The integration of the different tools and actual application onto a set of concrete use cases, covering different industrial domains, has also been a central aspect of the project. The work done in the project has been strongly requirements-driven: the requirements were extracted from the use cases by exploiting the collaboration among the use case providers (mainly large industrial companies) and the technical providers (composed of both service/product companies and experienced researchers from academia).

During the project, up to 40 deliverables have been released, being the majority of them public.

 

SOM Research Lab and IN3 role

The SOM Research Lab, according to its experience, has played an important role as a technology provider to support both the MegaM@Rt2 System Engineering phase—by providing tools such as Collaboro, EMFtoCSP or the AsyncAPI toolkit—and the MegaM@Rt2 global model and traceability management tasks—by further developing the NeoEMF tool, a joint collaboration with the NaoMod research team.
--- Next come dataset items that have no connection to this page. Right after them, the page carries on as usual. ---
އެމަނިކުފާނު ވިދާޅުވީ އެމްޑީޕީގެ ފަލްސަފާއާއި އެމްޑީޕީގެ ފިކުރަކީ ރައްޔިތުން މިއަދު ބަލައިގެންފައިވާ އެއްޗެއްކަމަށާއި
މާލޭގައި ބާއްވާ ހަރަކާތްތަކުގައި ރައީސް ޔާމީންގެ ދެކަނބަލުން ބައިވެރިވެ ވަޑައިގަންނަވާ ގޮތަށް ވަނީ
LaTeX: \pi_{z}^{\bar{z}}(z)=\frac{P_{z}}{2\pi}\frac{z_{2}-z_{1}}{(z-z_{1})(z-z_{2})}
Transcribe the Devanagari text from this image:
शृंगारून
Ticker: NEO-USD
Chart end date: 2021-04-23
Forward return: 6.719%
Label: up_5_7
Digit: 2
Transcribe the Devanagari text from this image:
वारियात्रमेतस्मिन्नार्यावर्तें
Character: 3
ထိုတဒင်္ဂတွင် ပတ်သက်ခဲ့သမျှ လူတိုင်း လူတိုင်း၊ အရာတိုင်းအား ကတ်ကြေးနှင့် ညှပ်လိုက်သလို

With its tools, and specifically with the AsyncAPI toolkit, the SOM Research Lab has contributed to the development of the Digital Platform for Smart-* use case (where the asterisk can be warehouses, smart buildings, smart manufacturing, or consumer goods, among other domains) proposed by Ikerlan. In this use case, the tool provided by the SOM Research Lab has been used to model an IoT infrastructure, enabling the automatic generation of part of the code being deployed. This allows speeding up the development task, also making the resulting system more secure. Moreover, the resulting system is easier to maintain, and enables reusing parts for other application domains.
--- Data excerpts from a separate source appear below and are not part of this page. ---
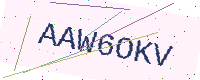
Text: AAW6OKV
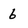
Character: 6
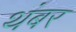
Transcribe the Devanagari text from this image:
थंबर
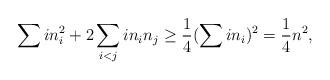
LaTeX: \begin{align*}\sum in_i^2 + 2\sum_{i<j}in_in_j \ge \frac{1}{4}(\sum in_i)^2=\frac{1}{4}n^2,\end{align*}
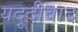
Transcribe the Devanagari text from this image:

Abel Gómez is a postdoctoral researcher of the Systems, Software and Models (SOM) Research Lab at the UOC’s Internet Interdisciplinary Institute (IN3).

 

This project has received funding from the ECSEL Joint Undertaking under grant agreement No 737494. This Joint Undertaking receives support from the European Union’s Horizon 2020 research and innovation programme and Sweden, France, Spain, Italy, Finland, Czech Republic. 
 
This project has received funding from the Spanish Minister of Economy, Industry and Competitiveness. The project identification reference is PCIN-2017-030.